Let me ramble a bit, and then tell me I'm wrong.

It seems to me that your primary issue is that you have a set of hosts that want to communicate with each other securely. These hosts might be physical or virtual, and might be in the same data center or in different data centers. The important thing is that they be able to authenticate communications with each other, and then do things that they are authorized to do based on those communications. The things that they do might differ. Within one community, the hosts might all be peers accomplishing the job of the cloud, whatever that is - order processing, content delivery, take your pick. Within another community, the issue might be the management of virtual machines, and you might have a relatively small number of control systems that talk with a large number of client machines.

The term "VPN" implies to me that you have chosen a solution. It might be an MPLS VPN, which is to say that you have transport but depend on higher layer services for encryption, authentication, and authorization. In IPsec, "VPN" the term "VPN" generally refers to the tunnel mode, and is a way of overlaying one network on another. In the case, that doesn't make a lot of sense to me in this context - You don't appear to be overlaying networks per se, merely making sure that messages you receive and process are from trusted peers.

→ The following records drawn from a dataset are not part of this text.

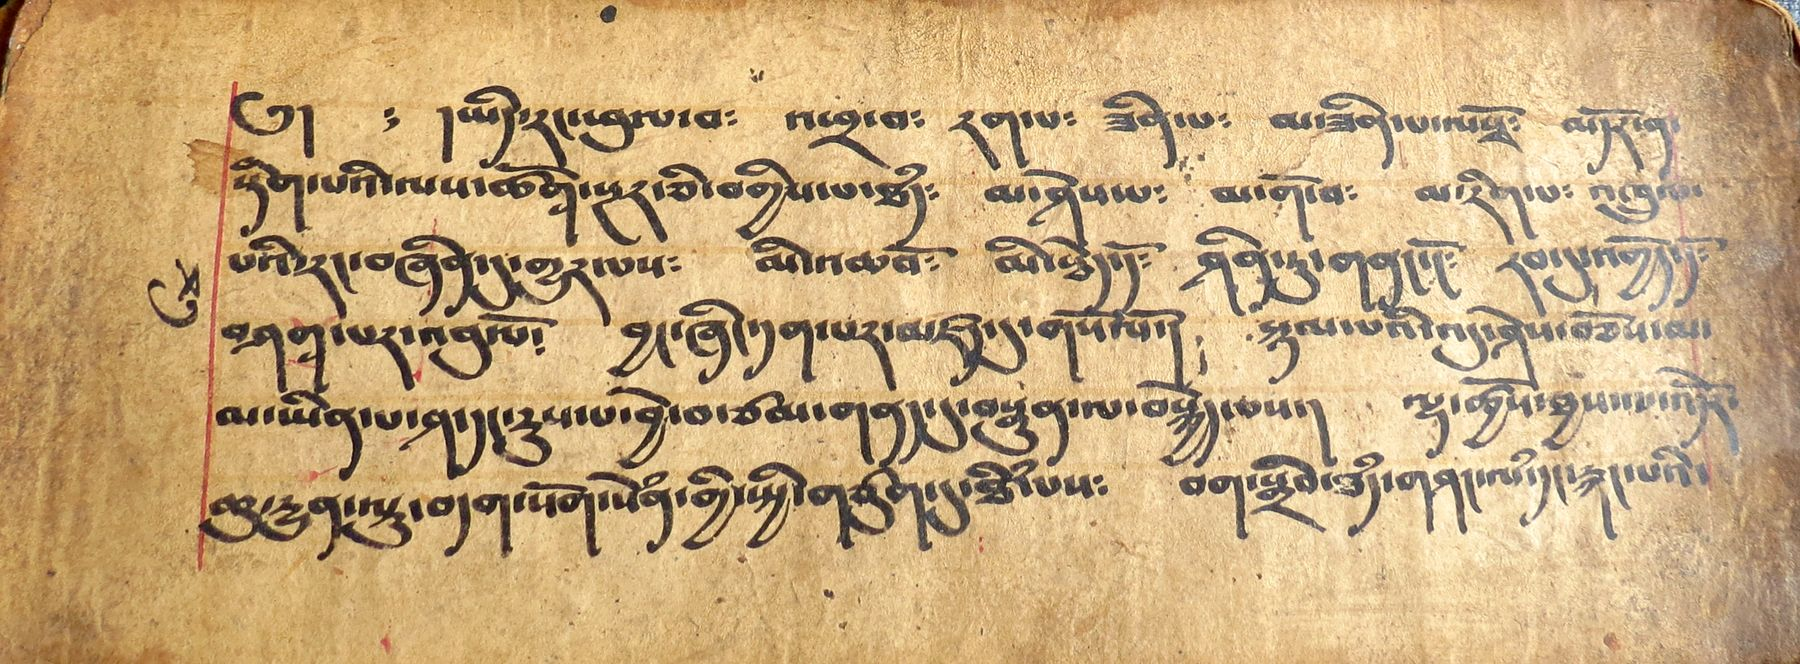ཡིད་རངས་ཕུལ་བ། འཕྲ་བ། རགས་པ། ཟིན་པ། མ་ཟིན་པ་ལ་སོགས་མདོར་ན་
སྡིག་པའི་ལས་ཚོགས་སྔར་ཅི་བགྱིས་པ་ཐམས་ཅད་མ་ཤེས་པ། མ་གོ་བ། མ་རིག་པ། འཁྲུལ་
པའི་རང་བཞིན་དུ་གྱུར་པ། མི་འཆབ་པོ། མི་སྦེད་དོ། ། ཤིན་ཏུ་གནང་ངོ་། རབ་ཏུ་འགྱོད་དོ། 
བཤགས་པ་འབུལ་ལོ། བྱང་ཞིང་དག་པར་མཛད་དུ་གསོལ་ལོ། ། སྙམ་པའི་འདུ་ཤེས་བཅོས་མ་
མ་ཡིན་པ་ཤ་དང་རུས་པ་བྱེ་བ་ཙམ་བསྐྱེད་པས། ལྷ་ཚོགས་ཐུགས་ལས་འོད་ཟེར་
ཆུ་རྒྱུན་ལྟ་བུ་བྱུང་ནས་བདག་སོགས་སེམས་ཅན་གྱི་སྤྱི་གཙུག་ཏུ་ཐིམ་པས། བག་སྒྲིབ་ཐམས་ཅད་གཤང་ལམ་དང་རྐང་པའི་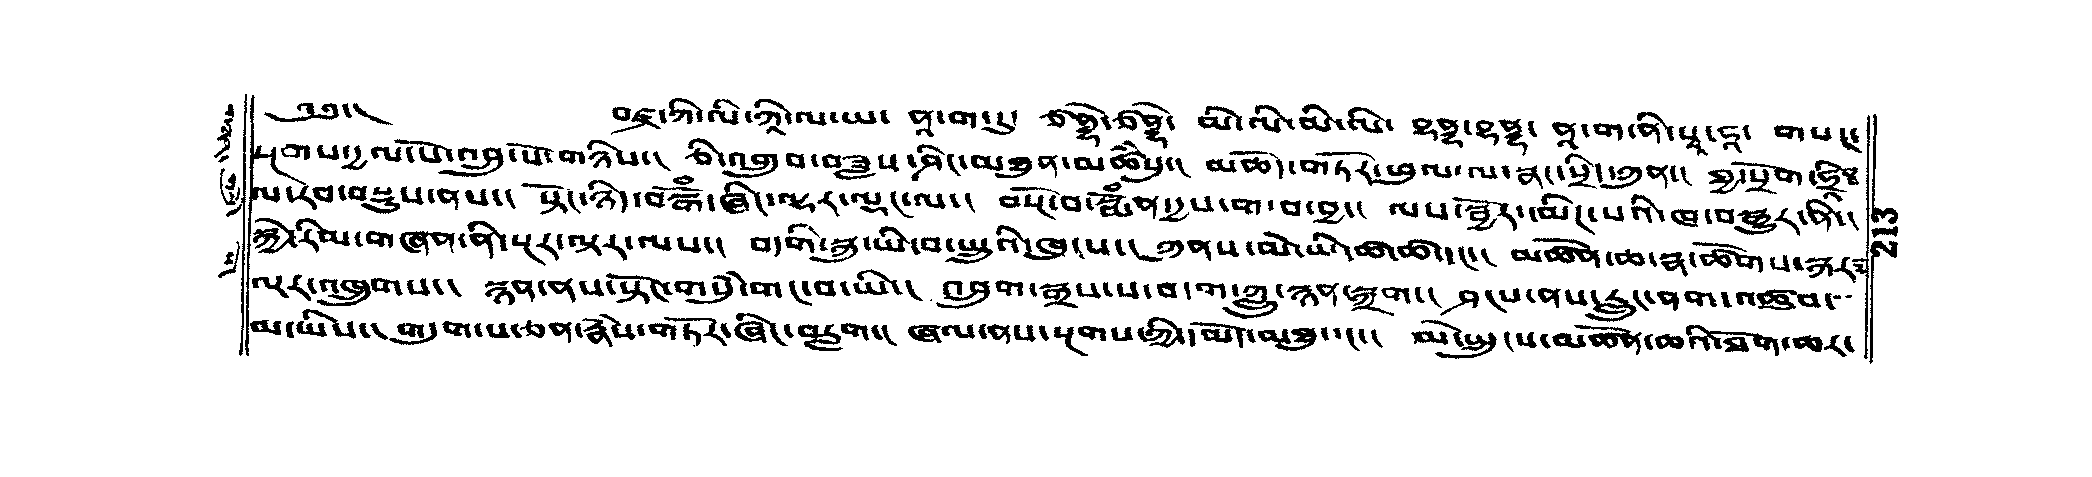བཛྲ་ཀི་ལོ་ཀཱི་ལ་ཡ། ནཱ་ག་དུ ཙནྡྷེ་ཙ་ནྡྷེ། མི་ལི་མི་ལི། བྷནྡྷ་བྷནྡྷ། ནཱ་ག་ནི་སྭཱ་ཧཱ། གསང་
སྔགས་རྒྱལ་པོ་འབྲུ་པོ་གཉིས། ཅི་འགྲུབ་བཟླས་ཤིང་མཐུན་མཚམས་སུ། མཆོད་གཏོར་ཕུལ་ལ་སྣང་སྲིད་ཀུན། ཐུགས་སྲོག་ཧྲཱིཿ
ལ་རབ་བསྡུས་ནས། སྟོང་ཉིད་བསྒོམ་ཞིང་ལྷར་ལྡང་ལ། བསྔོ་བ་སྨོན་ལམ་རྒྱས་གདབ་བྱ། ལས་སྦྱོར་དམིགས་པའི་ཁ་བསྒྱུར་ནི། 
སྐྱེ་རིམ་གཞན་ནི་སྔར་ལྟར་ལས། བདག་གི་སྐུ་ཡི་བ་སྤུའི་ཁུངས། ཀུན་ནས་མེ་ཡི་ཚ་ཚ་དང་། མཚོན་ཆ་སྣ་ཚོགས་སྐར་
ལྔར་འཁྲུགས། སྙན་ནས་སྟོང་གསུམ་གང་བ་ཡི། འབྲུག་སྒྲས་པ་བདག་ཀླུ་སྙན་སྐྲག ཤངས་ནས་རླུང་ནག་འཚུབ་
མ་ཡིས། གདུག་པ་ཅན་རྣམས་གཏོར་ཞིང་བརླག ཞལ་ནས་སྔགས་ཀྱི་དམོད་མཐུ་དང་། མེ་སྤུངས་མཚོན་ཆའི་ཐོག་ཆར་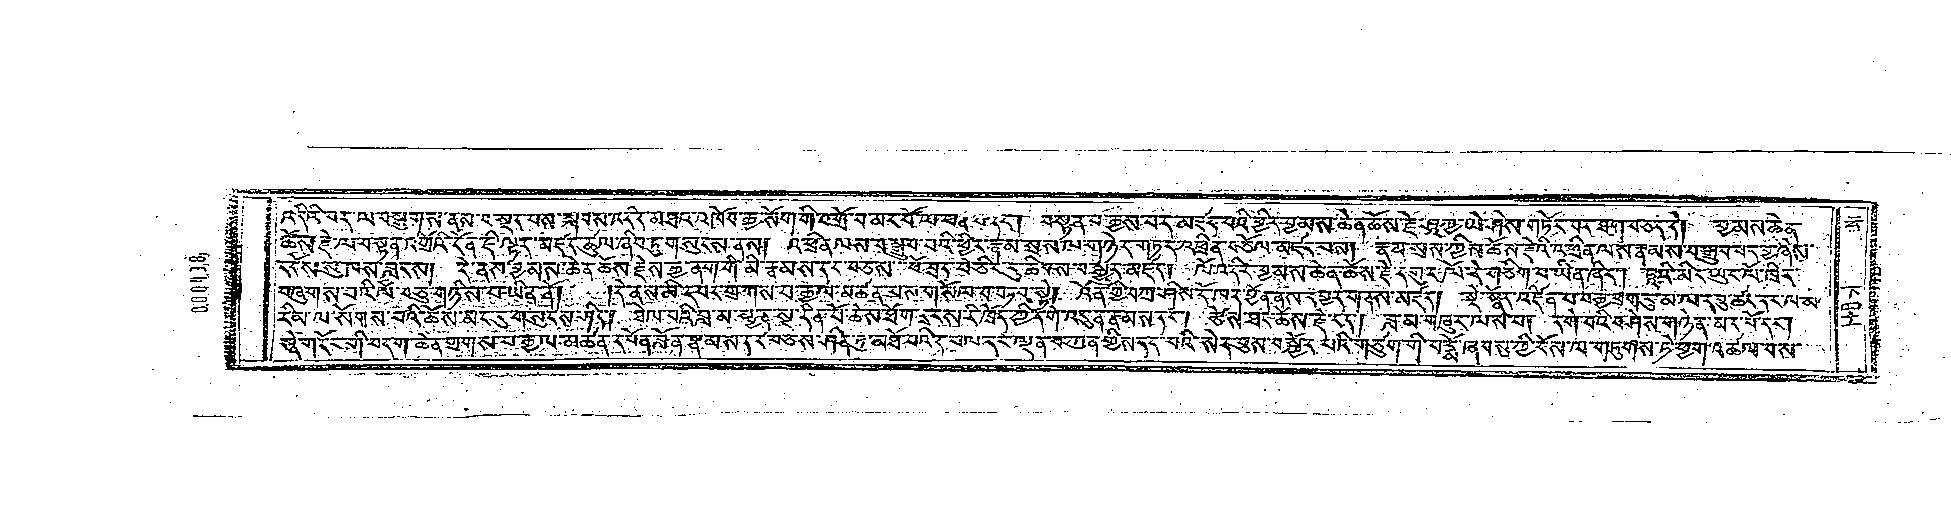འདིའི་བར་ལ་བསྒུགས་ནས་བསྡང་པས་སྐབས་འདིར་མཐའ་འཁོབ་རྒྱ་སོག་གི་འགྲོ་བ་མང་བོ་ལ་ཕན་བ་དང་། བསྟན་བ་རྒྱས་བར་མཛད་བའི་ཕྱིར་བྱམས་ཆེན་ཆོས་རྗེ་ཤཱཀྱ་ཡེ་ཤེས་གཏོར་བར་ཐག་བཅད་དེ། བྱམས་ཆེན་
ཆོས་རྗེ་ལ་བསྟན་འགྲོའི་དོན་ཇི་ལྟར་མཛད་ཚུལ་ཞིབ་ཏུ་གསུངས་ནས། འཕྲིན་ལས་བསྒྲུབ་པའི་ཕྱིར་རྣམས་སྲས་ལ་གཉེར་གཏད་འཕྲིན་བཅོལ་མཛད་པས། རྣམ་སྲས་ཀྱིས་ཆོས་རྗེའི་འཕྲིན་ལས་རྣམས་བསྒྲུབ་པར་བྱ་ཞེས་
དངོས་སུ་ཁས་བླངས། དེ་ནས་བྱམས་ཆེན་ཆོས་རྗེས་རྒྱ་ནག་གི་མི་རྣམས་དང་བཅས་ཕོ་བྲང་བེ་ཅིང་དུ་ཆིབས་བརྒྱུད་མཛད། ལོ་འདིར་བྱམས་ཆེན་ཆོས་རྗེ་དགུང་ལོ་རེ་གཅིག་པ་ཡིན་ཞིང་། ཏཱའི་མིང་ཡུང་ལོ་ཁྲིར་
བཞུགས་པའི་ལོ་བཅུ་གཉིས་པ་ཡིན་ནོ། །དེ་ནས་མི་དབང་གྲགས་པ་རྒྱལ་མཚན་པས་གསོལ་བ་བཏབ་སྟེ། འོན་གྱི་བཀྲ་ཤིས་དོ་ཁར་བྱོན་ནས་དབྱར་གནས་མཛད། སྡེ་སྣོད་འཛིན་པ་བརྒྱ་ཕྲག་དུ་མ་ལ་དབུ་ཚང་དང་ལ་མ་
རིམ་ལ་སོགས་པའི་ཆོས་མང་དུ་གསུངས་ཤིང་། ཐེལ་བའི་བླ་མ་སྤྱན་སྔ་རིན་པོ་ཆེས་ཐོག་དྲངས་རི་ཁྲིད་ཀྱི་དགེ་འདུན་རྣམས་དང་། རྩེ་ཐང་ཆོས་རྗེ་དང་། བླ་མ་གཞུང་ལས་པ། དགེ་བའི་བཤེས་གཉེན་མང་པོ་དང་།
སྣེ་གདོང་གི་བདག་ཆེན་གྲགས་པ་རྒྱལ་མཚན་དཔོན་བློན་རྣམས་དང་བཅས་ཤིན་ཏུ་མཐོ་བའི་དཔལ་དང་ལྡན་བ་ཀུན་གྱིས་དད་པའི་སེར་བུས་བསྐྱོད་པའི་གཙུག་གི་པདམོ་ཞབས་ཀྱི་ངོས་ལ་གཏུགས་ཏེ་ཕྱག་འཚལ་བས་

If the primary issue is one of trust, we could discuss TLS, https (if the only application protocol is a web protocol), or IPsec's transport mode. In any of those, the issue is largely one of key distribution, and the use of those keys for encryption and authentication to manage communications among a set of communicating entities. 

What am I missing? What makes this specifically a Virtual Private Network? Why is this not a key distribution problem based on existing technologies?